▶ _Task requirements_
Images stay out; everything else in the records is to be set down exactly.

▶ _Data for processing_
-.-.-

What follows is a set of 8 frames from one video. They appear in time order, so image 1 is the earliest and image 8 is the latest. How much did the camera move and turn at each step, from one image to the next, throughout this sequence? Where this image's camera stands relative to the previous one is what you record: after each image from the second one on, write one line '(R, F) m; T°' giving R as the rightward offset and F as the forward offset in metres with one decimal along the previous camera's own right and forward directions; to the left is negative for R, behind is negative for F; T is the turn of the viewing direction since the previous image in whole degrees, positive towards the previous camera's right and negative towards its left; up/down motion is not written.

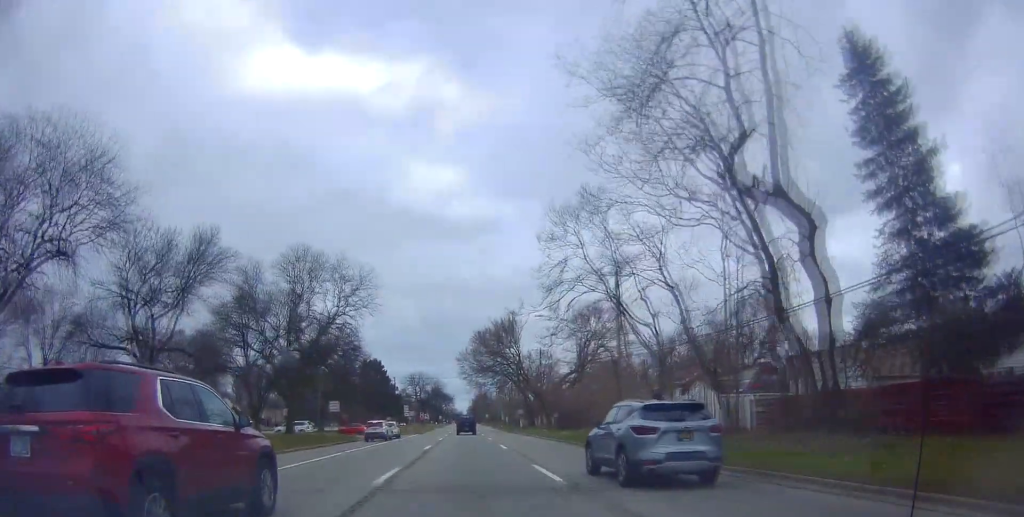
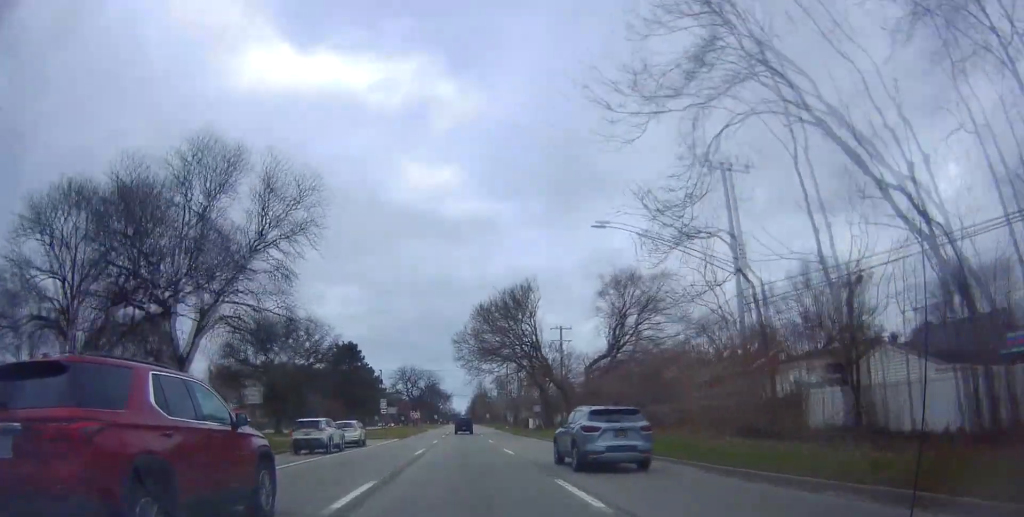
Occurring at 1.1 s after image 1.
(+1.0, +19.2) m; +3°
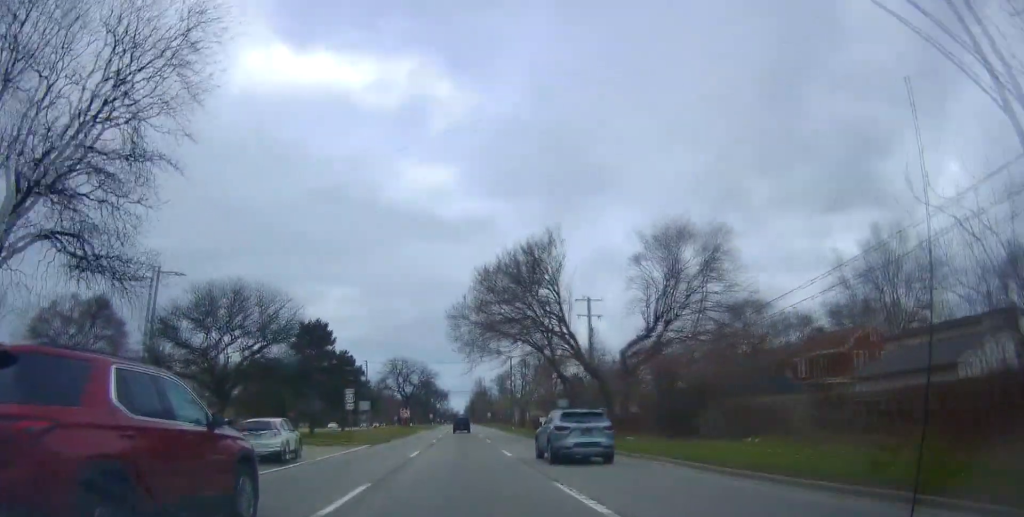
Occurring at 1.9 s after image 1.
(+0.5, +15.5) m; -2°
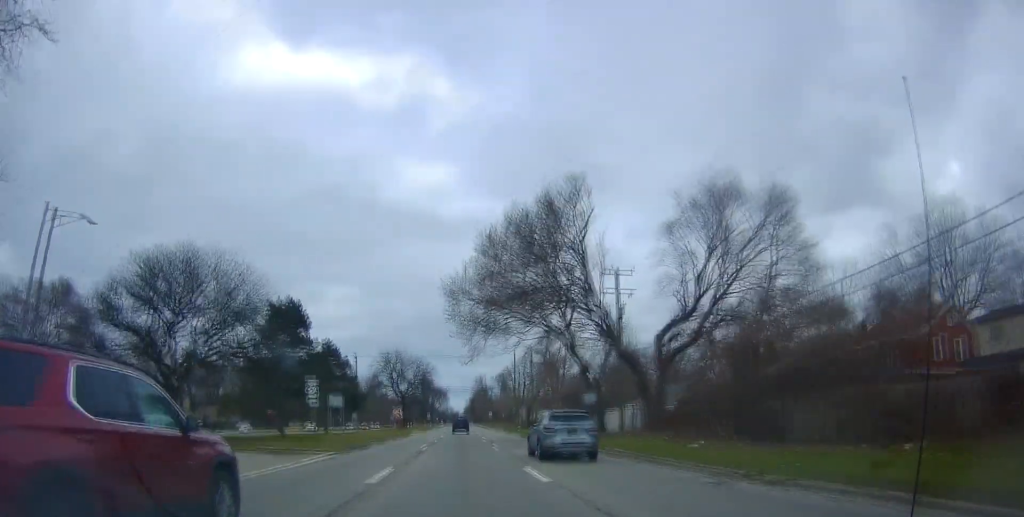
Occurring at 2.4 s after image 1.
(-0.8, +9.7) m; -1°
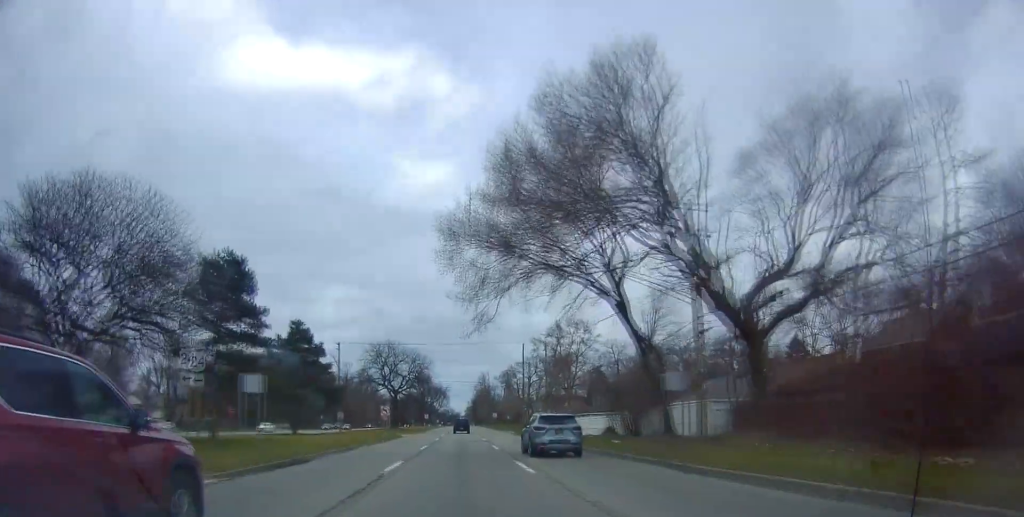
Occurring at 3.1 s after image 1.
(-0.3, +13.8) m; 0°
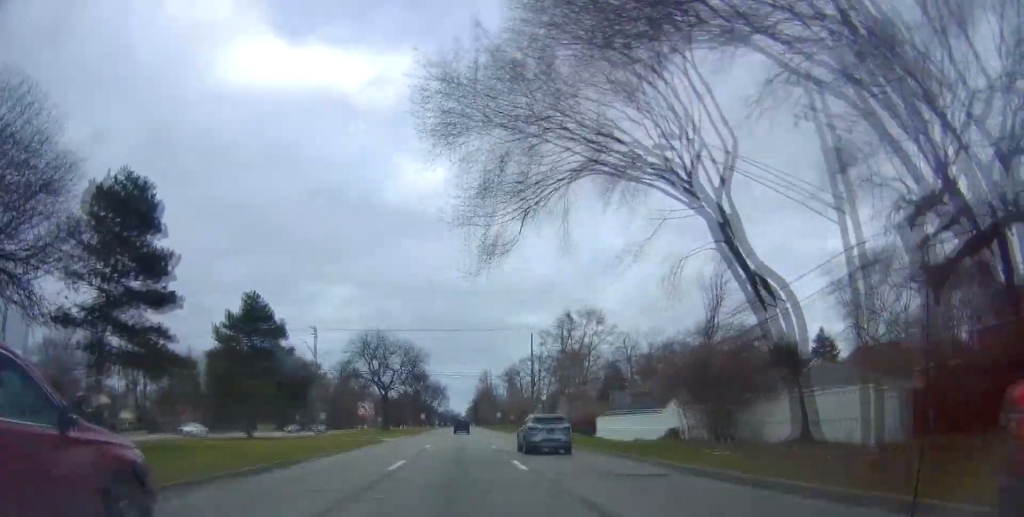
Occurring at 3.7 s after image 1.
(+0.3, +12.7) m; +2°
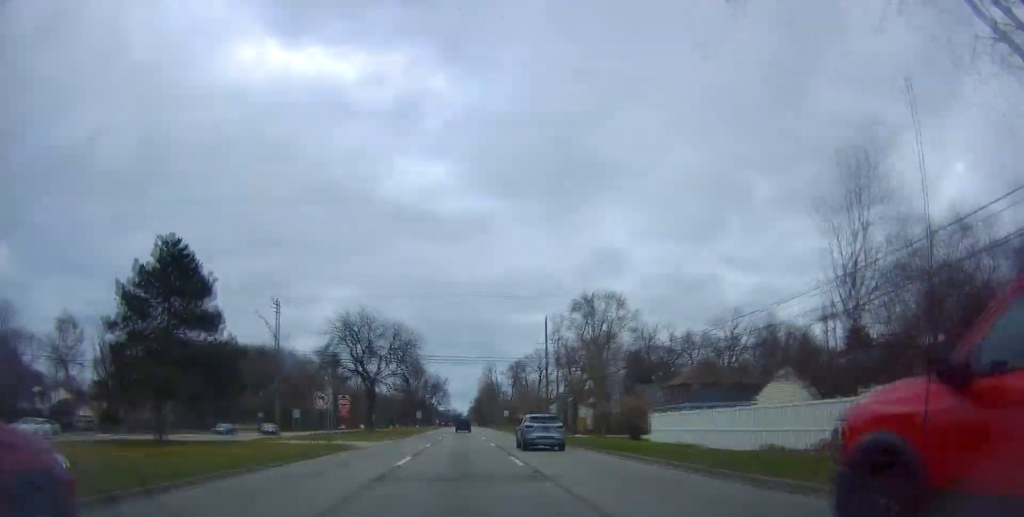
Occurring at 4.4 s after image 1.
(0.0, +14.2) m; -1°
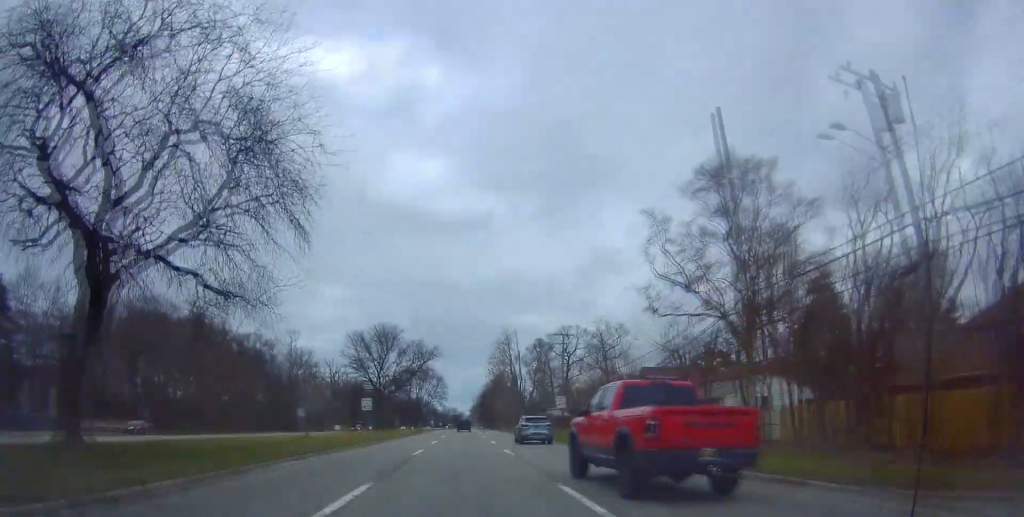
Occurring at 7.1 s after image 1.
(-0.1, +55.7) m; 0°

-.-.-

▶ _Solution to this exercise_
What follows is a set of 8 frames from one video. They appear in time order, so image 1 is the earliest and image 8 is the latest. How much did the camera move and turn at each step, from one image to the next, throughout this sequence? Where this image's camera stands relative to the previous one is what you record: after each image from the second one on, write one line '(R, F) m; T°' giving R as the rightward offset and F as the forward offset in metres with one decimal along the previous camera's own right and forward directions; to the left is negative for R, behind is negative for F; T is the turn of the viewing direction since the previous image in whole degrees, positive towards the previous camera's right and negative towards its left; up/down motion is not written.

Occurring at 1.1 s after image 1.
(+1.0, +19.2) m; +3°
Occurring at 1.9 s after image 1.
(+0.5, +15.5) m; -2°
Occurring at 2.4 s after image 1.
(-0.8, +9.7) m; -1°
Occurring at 3.1 s after image 1.
(-0.3, +13.8) m; 0°
Occurring at 3.7 s after image 1.
(+0.3, +12.7) m; +2°
Occurring at 4.4 s after image 1.
(0.0, +14.2) m; -1°
Occurring at 7.1 s after image 1.
(-0.1, +55.7) m; 0°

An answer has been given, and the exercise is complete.